Start of RECORDS

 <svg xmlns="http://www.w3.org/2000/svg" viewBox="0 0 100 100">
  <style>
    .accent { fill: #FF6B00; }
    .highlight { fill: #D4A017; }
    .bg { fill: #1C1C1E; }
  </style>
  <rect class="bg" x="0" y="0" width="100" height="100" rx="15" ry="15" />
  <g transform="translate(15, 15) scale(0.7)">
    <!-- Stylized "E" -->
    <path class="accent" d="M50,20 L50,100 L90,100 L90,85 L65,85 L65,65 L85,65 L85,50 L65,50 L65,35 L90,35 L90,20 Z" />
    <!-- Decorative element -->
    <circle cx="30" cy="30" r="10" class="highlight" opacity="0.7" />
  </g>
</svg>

End of RECORDS
Start of RECORDS

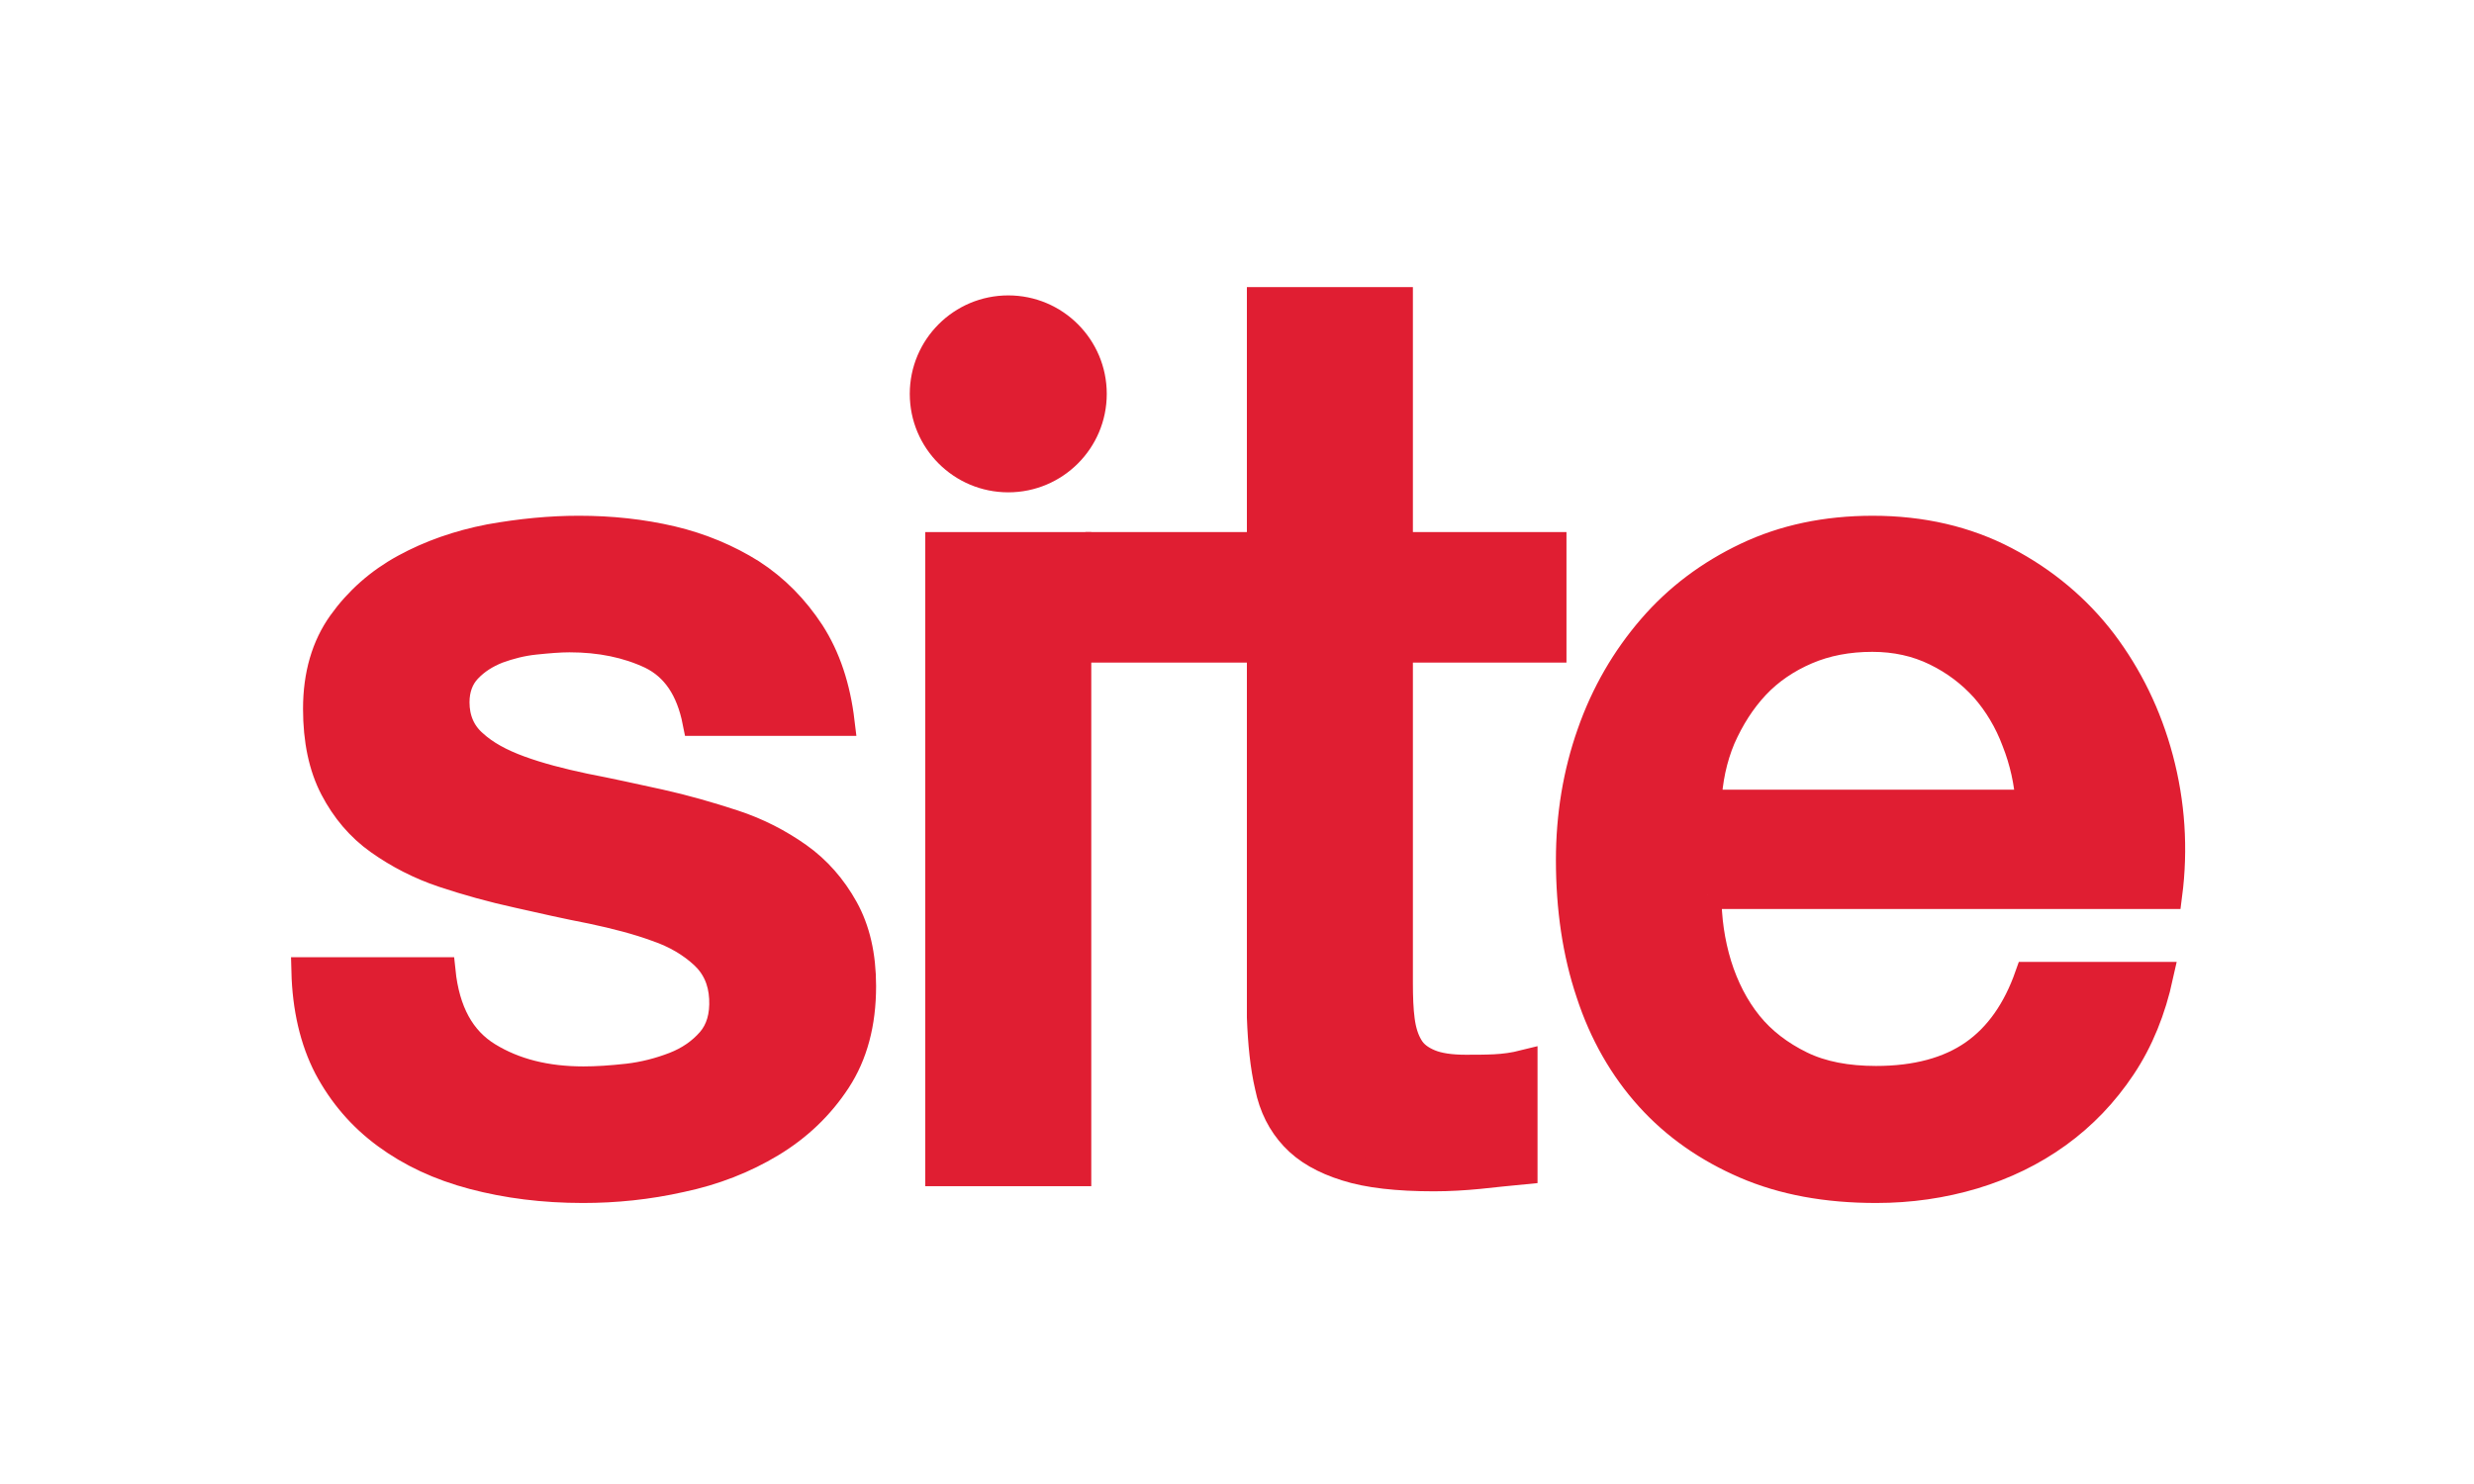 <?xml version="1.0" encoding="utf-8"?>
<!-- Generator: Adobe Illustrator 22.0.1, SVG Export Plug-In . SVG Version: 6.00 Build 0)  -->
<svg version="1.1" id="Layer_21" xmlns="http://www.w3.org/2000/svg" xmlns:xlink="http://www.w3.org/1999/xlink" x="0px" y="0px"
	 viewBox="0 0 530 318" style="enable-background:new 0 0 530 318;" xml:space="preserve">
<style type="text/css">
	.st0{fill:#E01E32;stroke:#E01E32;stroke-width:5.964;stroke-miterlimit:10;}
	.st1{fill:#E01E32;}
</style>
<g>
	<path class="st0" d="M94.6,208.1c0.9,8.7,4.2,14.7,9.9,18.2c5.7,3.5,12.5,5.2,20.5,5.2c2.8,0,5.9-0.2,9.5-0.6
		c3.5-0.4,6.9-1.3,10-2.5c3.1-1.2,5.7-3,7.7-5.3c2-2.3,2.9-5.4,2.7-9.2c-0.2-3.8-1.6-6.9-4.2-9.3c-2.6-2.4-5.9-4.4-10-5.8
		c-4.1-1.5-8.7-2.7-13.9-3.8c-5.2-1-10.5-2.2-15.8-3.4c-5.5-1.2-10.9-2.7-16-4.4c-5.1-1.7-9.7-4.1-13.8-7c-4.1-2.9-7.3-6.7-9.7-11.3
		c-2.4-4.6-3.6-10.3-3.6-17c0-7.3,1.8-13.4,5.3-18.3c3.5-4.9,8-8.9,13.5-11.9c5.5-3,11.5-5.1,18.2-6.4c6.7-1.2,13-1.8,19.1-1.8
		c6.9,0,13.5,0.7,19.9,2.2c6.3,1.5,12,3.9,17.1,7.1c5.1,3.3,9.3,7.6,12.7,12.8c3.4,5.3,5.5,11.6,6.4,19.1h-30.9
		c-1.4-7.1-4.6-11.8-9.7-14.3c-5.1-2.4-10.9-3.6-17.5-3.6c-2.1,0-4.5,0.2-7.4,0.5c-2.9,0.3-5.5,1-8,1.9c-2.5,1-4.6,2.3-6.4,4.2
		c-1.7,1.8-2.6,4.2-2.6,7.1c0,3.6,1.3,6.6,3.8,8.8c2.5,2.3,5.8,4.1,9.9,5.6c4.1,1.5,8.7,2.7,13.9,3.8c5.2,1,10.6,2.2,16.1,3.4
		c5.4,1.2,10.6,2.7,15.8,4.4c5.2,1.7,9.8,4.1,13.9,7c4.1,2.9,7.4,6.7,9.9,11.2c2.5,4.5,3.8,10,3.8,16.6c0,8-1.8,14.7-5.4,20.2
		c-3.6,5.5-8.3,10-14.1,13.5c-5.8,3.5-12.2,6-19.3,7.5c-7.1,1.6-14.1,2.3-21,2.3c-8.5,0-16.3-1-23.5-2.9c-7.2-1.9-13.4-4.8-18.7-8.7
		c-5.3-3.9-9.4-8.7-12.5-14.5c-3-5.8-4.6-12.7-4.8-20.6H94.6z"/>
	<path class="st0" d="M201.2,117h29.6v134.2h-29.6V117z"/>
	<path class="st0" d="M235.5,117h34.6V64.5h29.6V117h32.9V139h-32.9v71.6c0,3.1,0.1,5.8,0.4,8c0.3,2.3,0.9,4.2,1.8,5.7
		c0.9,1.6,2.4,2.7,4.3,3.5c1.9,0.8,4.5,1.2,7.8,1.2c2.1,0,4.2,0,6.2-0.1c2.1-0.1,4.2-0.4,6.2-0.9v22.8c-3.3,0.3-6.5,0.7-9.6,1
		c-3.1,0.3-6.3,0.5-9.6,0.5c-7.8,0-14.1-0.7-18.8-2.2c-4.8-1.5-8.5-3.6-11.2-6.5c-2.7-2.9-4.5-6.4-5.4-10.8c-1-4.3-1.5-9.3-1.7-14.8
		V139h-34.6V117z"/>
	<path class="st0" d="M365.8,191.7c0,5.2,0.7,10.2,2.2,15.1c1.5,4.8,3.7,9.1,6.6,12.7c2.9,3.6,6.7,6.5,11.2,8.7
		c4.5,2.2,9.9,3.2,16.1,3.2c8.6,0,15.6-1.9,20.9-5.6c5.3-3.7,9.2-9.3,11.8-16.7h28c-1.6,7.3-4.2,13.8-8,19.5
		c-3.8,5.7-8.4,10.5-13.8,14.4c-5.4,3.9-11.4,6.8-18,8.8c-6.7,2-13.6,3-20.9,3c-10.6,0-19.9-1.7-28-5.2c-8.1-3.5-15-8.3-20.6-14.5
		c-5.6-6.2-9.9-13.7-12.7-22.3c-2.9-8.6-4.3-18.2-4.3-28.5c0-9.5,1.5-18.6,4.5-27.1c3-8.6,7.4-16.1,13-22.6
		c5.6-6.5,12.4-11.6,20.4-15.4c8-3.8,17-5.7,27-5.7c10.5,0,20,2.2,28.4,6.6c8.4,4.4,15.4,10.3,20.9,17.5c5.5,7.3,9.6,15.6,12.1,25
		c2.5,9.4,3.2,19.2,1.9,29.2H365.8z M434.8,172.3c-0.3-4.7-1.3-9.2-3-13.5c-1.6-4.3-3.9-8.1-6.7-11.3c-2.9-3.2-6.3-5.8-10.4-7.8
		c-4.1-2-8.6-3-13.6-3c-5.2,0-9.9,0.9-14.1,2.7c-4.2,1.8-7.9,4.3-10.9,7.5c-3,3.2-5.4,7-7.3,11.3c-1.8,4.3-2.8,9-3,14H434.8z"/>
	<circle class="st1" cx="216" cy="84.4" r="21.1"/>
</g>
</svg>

End of RECORDS

## [PROBLEM STATEMENT]
Looking at the entries above, copy out every line in which "class" occurs.

## [ANSWER TO THE PROBLEM]
  <rect class="bg" x="0" y="0" width="100" height="100" rx="15" ry="15" />
    <path class="accent" d="M50,20 L50,100 L90,100 L90,85 L65,85 L65,65 L85,65 L85,50 L65,50 L65,35 L90,35 L90,20 Z" />
    <circle cx="30" cy="30" r="10" class="highlight" opacity="0.7" />
	<path class="st0" d="M94.6,208.1c0.9,8.7,4.2,14.7,9.9,18.2c5.7,3.5,12.5,5.2,20.5,5.2c2.8,0,5.9-0.2,9.5-0.6
	<path class="st0" d="M201.2,117h29.6v134.2h-29.6V117z"/>
	<path class="st0" d="M235.5,117h34.6V64.5h29.6V117h32.9V139h-32.9v71.6c0,3.1,0.1,5.8,0.4,8c0.3,2.3,0.9,4.2,1.8,5.7
	<path class="st0" d="M365.8,191.7c0,5.2,0.7,10.2,2.2,15.1c1.5,4.8,3.7,9.1,6.6,12.7c2.9,3.6,6.7,6.5,11.2,8.7
	<circle class="st1" cx="216" cy="84.4" r="21.1"/>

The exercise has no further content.